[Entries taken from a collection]
○ ○ ○ ○ ○ ○ ○

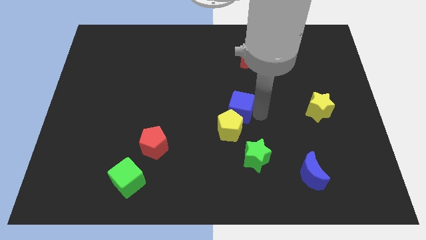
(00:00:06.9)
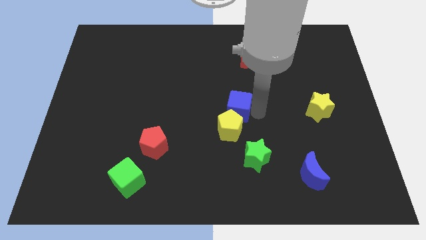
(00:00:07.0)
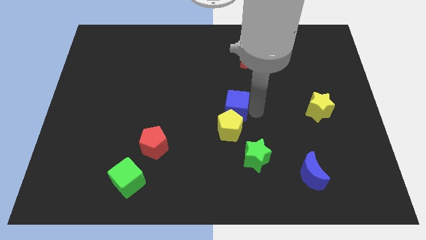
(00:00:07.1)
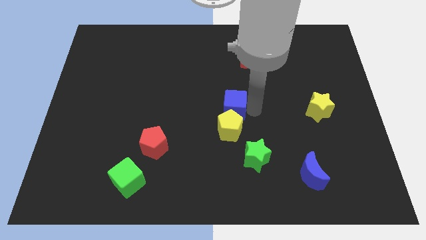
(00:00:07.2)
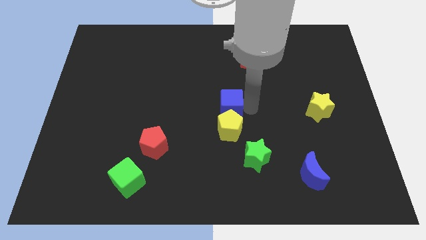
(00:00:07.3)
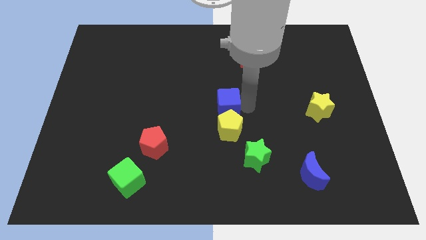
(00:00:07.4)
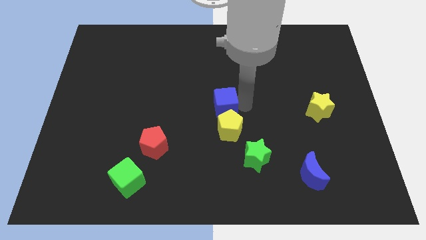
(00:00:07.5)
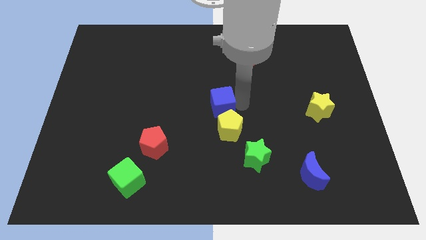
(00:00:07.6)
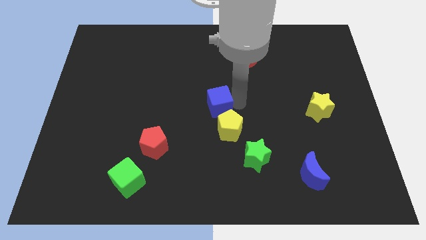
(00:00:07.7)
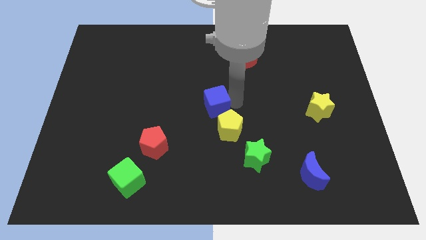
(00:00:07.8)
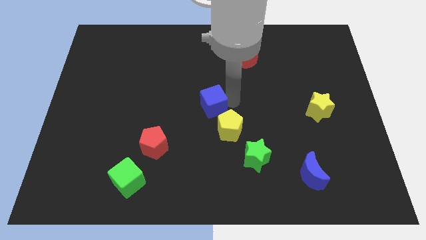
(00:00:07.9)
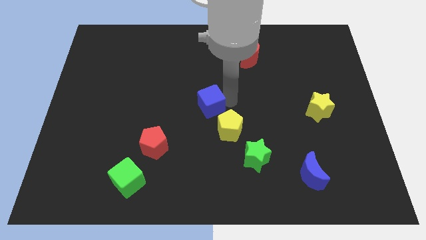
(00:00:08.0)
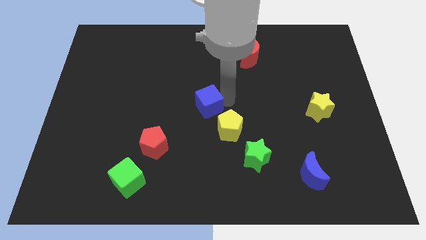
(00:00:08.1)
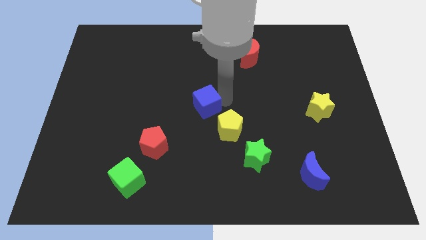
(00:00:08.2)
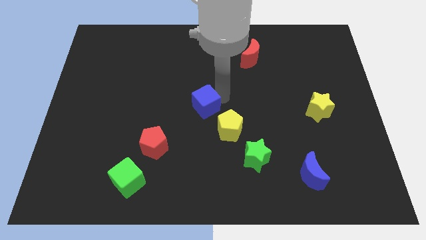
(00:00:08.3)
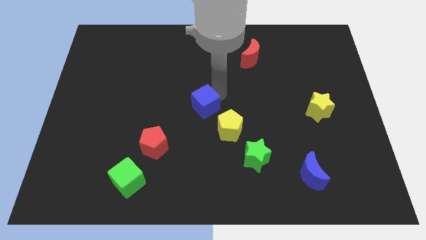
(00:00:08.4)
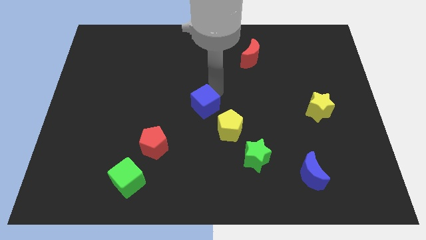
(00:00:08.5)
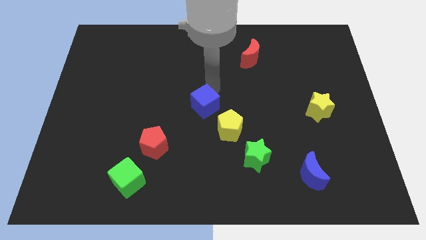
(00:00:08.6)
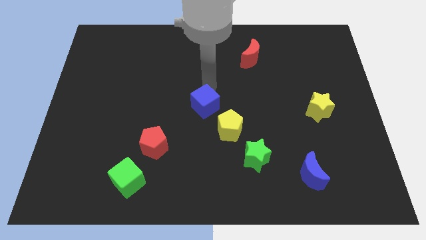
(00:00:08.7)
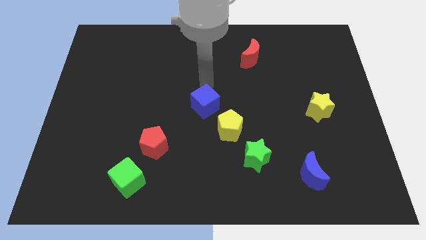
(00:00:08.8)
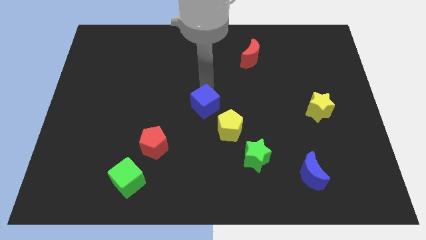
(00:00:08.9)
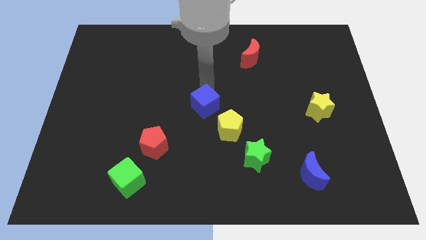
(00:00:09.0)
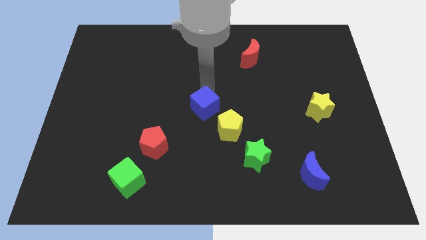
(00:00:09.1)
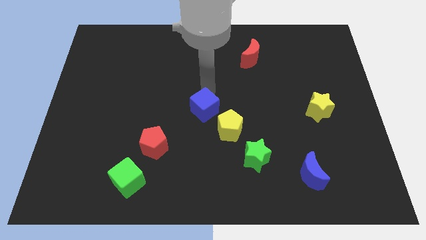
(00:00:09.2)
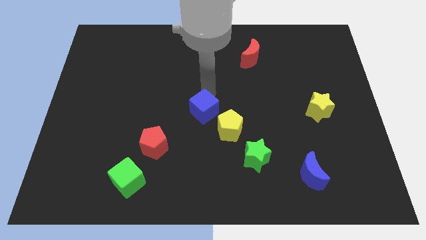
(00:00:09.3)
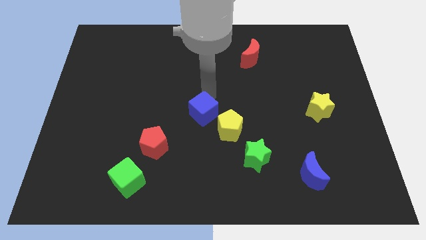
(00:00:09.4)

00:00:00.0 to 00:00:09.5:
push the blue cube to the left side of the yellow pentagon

○ ○ ○ ○ ○ ○ ○

* TRY IT
The pictures in the entries above should be left out; all else must be copied exactly.

* SOLUTION
(00:00:06.9)
(00:00:07.0)
(00:00:07.1)
(00:00:07.2)
(00:00:07.3)
(00:00:07.4)
(00:00:07.5)
(00:00:07.6)
(00:00:07.7)
(00:00:07.8)
(00:00:07.9)
(00:00:08.0)
(00:00:08.1)
(00:00:08.2)
(00:00:08.3)
(00:00:08.4)
(00:00:08.5)
(00:00:08.6)
(00:00:08.7)
(00:00:08.8)
(00:00:08.9)
(00:00:09.0)
(00:00:09.1)
(00:00:09.2)
(00:00:09.3)
(00:00:09.4)

00:00:00.0 to 00:00:09.5:
push the blue cube to the left side of the yellow pentagon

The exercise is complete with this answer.